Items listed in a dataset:

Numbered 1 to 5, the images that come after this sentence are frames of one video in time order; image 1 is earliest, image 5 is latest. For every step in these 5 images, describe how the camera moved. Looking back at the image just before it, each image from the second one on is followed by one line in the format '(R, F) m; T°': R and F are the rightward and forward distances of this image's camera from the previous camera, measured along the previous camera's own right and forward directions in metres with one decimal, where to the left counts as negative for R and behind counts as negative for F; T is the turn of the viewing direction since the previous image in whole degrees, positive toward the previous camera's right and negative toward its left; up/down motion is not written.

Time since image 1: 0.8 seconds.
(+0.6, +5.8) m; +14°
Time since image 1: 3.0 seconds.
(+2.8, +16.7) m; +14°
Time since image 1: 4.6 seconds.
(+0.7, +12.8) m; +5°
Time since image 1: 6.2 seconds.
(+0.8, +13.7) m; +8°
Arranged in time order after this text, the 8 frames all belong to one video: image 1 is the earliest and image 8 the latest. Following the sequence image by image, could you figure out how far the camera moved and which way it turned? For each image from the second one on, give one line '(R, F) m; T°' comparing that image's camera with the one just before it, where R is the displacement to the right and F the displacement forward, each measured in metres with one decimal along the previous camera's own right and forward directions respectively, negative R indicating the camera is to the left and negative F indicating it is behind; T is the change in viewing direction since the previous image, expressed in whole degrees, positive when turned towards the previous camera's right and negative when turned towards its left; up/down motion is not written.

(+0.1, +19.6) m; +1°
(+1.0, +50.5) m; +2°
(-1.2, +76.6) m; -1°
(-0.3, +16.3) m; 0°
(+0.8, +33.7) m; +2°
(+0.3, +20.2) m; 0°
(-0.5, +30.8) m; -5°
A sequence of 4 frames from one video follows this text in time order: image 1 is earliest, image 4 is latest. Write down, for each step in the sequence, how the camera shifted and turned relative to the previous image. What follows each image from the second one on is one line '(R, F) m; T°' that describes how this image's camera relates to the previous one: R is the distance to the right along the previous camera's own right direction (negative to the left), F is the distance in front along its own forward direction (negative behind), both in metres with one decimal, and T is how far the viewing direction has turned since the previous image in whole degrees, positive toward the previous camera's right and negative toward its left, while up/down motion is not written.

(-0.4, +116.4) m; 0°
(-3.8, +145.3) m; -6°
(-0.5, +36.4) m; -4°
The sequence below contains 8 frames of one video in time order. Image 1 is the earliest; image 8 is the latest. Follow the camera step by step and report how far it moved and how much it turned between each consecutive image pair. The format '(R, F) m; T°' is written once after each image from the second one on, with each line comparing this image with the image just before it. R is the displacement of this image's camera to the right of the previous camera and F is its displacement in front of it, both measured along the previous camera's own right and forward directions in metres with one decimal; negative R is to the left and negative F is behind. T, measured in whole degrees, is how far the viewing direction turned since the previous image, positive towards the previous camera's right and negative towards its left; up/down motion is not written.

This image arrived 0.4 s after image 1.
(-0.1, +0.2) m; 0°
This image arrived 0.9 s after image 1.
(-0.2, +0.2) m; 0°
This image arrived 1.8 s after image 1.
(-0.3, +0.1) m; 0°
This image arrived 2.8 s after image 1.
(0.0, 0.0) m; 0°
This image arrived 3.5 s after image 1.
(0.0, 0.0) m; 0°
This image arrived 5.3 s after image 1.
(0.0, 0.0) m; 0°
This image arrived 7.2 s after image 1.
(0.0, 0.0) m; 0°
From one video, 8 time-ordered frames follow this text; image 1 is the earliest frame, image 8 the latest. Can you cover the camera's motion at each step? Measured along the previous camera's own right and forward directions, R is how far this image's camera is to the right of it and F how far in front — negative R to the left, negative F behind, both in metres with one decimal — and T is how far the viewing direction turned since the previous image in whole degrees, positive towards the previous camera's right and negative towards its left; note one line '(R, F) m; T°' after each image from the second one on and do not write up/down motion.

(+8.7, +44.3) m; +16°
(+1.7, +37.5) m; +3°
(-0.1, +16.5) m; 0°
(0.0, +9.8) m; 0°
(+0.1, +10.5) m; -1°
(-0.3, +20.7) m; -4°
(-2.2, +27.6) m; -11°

EXERCISE BRIEF: The response should consist of all the entries, copied without any alteration.

EXERCISE OUTPUT:
Numbered 1 to 5, the images that come after this sentence are frames of one video in time order; image 1 is earliest, image 5 is latest. For every step in these 5 images, describe how the camera moved. Looking back at the image just before it, each image from the second one on is followed by one line in the format '(R, F) m; T°': R and F are the rightward and forward distances of this image's camera from the previous camera, measured along the previous camera's own right and forward directions in metres with one decimal, where to the left counts as negative for R and behind counts as negative for F; T is the turn of the viewing direction since the previous image in whole degrees, positive toward the previous camera's right and negative toward its left; up/down motion is not written.

Time since image 1: 0.8 seconds.
(+0.6, +5.8) m; +14°
Time since image 1: 3.0 seconds.
(+2.8, +16.7) m; +14°
Time since image 1: 4.6 seconds.
(+0.7, +12.8) m; +5°
Time since image 1: 6.2 seconds.
(+0.8, +13.7) m; +8°
Arranged in time order after this text, the 8 frames all belong to one video: image 1 is the earliest and image 8 the latest. Following the sequence image by image, could you figure out how far the camera moved and which way it turned? For each image from the second one on, give one line '(R, F) m; T°' comparing that image's camera with the one just before it, where R is the displacement to the right and F the displacement forward, each measured in metres with one decimal along the previous camera's own right and forward directions respectively, negative R indicating the camera is to the left and negative F indicating it is behind; T is the change in viewing direction since the previous image, expressed in whole degrees, positive when turned towards the previous camera's right and negative when turned towards its left; up/down motion is not written.

(+0.1, +19.6) m; +1°
(+1.0, +50.5) m; +2°
(-1.2, +76.6) m; -1°
(-0.3, +16.3) m; 0°
(+0.8, +33.7) m; +2°
(+0.3, +20.2) m; 0°
(-0.5, +30.8) m; -5°
A sequence of 4 frames from one video follows this text in time order: image 1 is earliest, image 4 is latest. Write down, for each step in the sequence, how the camera shifted and turned relative to the previous image. What follows each image from the second one on is one line '(R, F) m; T°' that describes how this image's camera relates to the previous one: R is the distance to the right along the previous camera's own right direction (negative to the left), F is the distance in front along its own forward direction (negative behind), both in metres with one decimal, and T is how far the viewing direction has turned since the previous image in whole degrees, positive toward the previous camera's right and negative toward its left, while up/down motion is not written.

(-0.4, +116.4) m; 0°
(-3.8, +145.3) m; -6°
(-0.5, +36.4) m; -4°
The sequence below contains 8 frames of one video in time order. Image 1 is the earliest; image 8 is the latest. Follow the camera step by step and report how far it moved and how much it turned between each consecutive image pair. The format '(R, F) m; T°' is written once after each image from the second one on, with each line comparing this image with the image just before it. R is the displacement of this image's camera to the right of the previous camera and F is its displacement in front of it, both measured along the previous camera's own right and forward directions in metres with one decimal; negative R is to the left and negative F is behind. T, measured in whole degrees, is how far the viewing direction turned since the previous image, positive towards the previous camera's right and negative towards its left; up/down motion is not written.

This image arrived 0.4 s after image 1.
(-0.1, +0.2) m; 0°
This image arrived 0.9 s after image 1.
(-0.2, +0.2) m; 0°
This image arrived 1.8 s after image 1.
(-0.3, +0.1) m; 0°
This image arrived 2.8 s after image 1.
(0.0, 0.0) m; 0°
This image arrived 3.5 s after image 1.
(0.0, 0.0) m; 0°
This image arrived 5.3 s after image 1.
(0.0, 0.0) m; 0°
This image arrived 7.2 s after image 1.
(0.0, 0.0) m; 0°
From one video, 8 time-ordered frames follow this text; image 1 is the earliest frame, image 8 the latest. Can you cover the camera's motion at each step? Measured along the previous camera's own right and forward directions, R is how far this image's camera is to the right of it and F how far in front — negative R to the left, negative F behind, both in metres with one decimal — and T is how far the viewing direction turned since the previous image in whole degrees, positive towards the previous camera's right and negative towards its left; note one line '(R, F) m; T°' after each image from the second one on and do not write up/down motion.

(+8.7, +44.3) m; +16°
(+1.7, +37.5) m; +3°
(-0.1, +16.5) m; 0°
(0.0, +9.8) m; 0°
(+0.1, +10.5) m; -1°
(-0.3, +20.7) m; -4°
(-2.2, +27.6) m; -11°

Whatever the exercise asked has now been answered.